When Sir Walter Scott lay dying, he turned to his son-in-law Lockhart, and said, "Son, bring me the Book."  Sir Walter Scott had an enormous library, and his son-in-law said, "Father, what book?  Which book?"  And the great Scottish bard said, "Son, there’s just one Book.  Bring me the Book."  And Lockhart brought him the Bible.  And Sir Walter Scott died with that Bible in his hand.

 

"There’s just one Book!" cried the dying sage;

"Read me the old, old story."

And the winged words that can never age

Wafted his soul to glory.

There’s just one Book.

[Author and Work Unknown]

 

And to magnify it, and to glorify it, and to preach it, and to avow it, and to affirm it is the highest calling and the supreme dedication of the man of God and the pastor of the church.  And it is the infinite, indescribable heavenly joy of my heart to think that for ninety-one years and still continuing, this pulpit, this sacred desk, has had behind it a man who magnifies the revelation of God in this holy and heavenly Book.

Now may we pray?

Our Lord, to follow in the tradition of that man of God who held aloft this holy Word, and who delivered it with such love and compassion, O God, who could be worthy to stand in his train?  Thank You, Lord, for the congregation that loves to hear the Word of the Lord expounded.  And thank You, Lord, for the power and blessing of God upon that ministry of Holy Scripture.  And as we study and learn and seek Thy face and will through the revealed Word on the sacred page of Holy Scripture, may we grow in grace and the image of our precious Lord, in whose wonderful and saving name we pray.  Amen.

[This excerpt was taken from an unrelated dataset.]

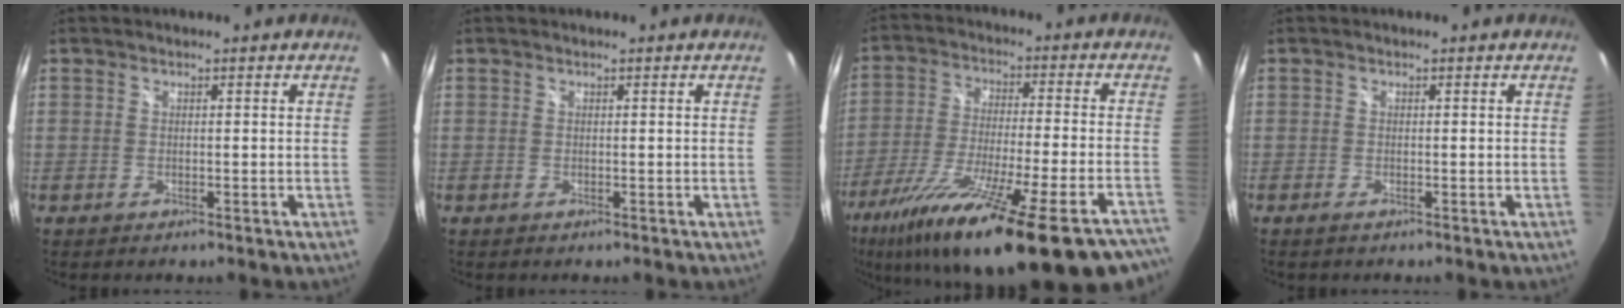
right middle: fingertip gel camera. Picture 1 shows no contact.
{"total": 0.0}
{"total": 33.4, "force": [-25.0, 5.9, 21.4], "torque": [-0.364, -0.092, -0.370]}
{"total": 0.8, "force": [-0.6, 0.1, 0.5], "torque": [-0.011, -0.003, -0.012]}

Now in this moment that we stand and sing our hymn of invitation, somebody you to give himself to the Lord Jesus, the God of the Book; a family you to come into the fellowship of our dear church; a one somebody you to give his heart in answer to the call of God to your life; what a beautiful day and what a precious moment in which to do it.  Come and welcome, while we stand and while we sing.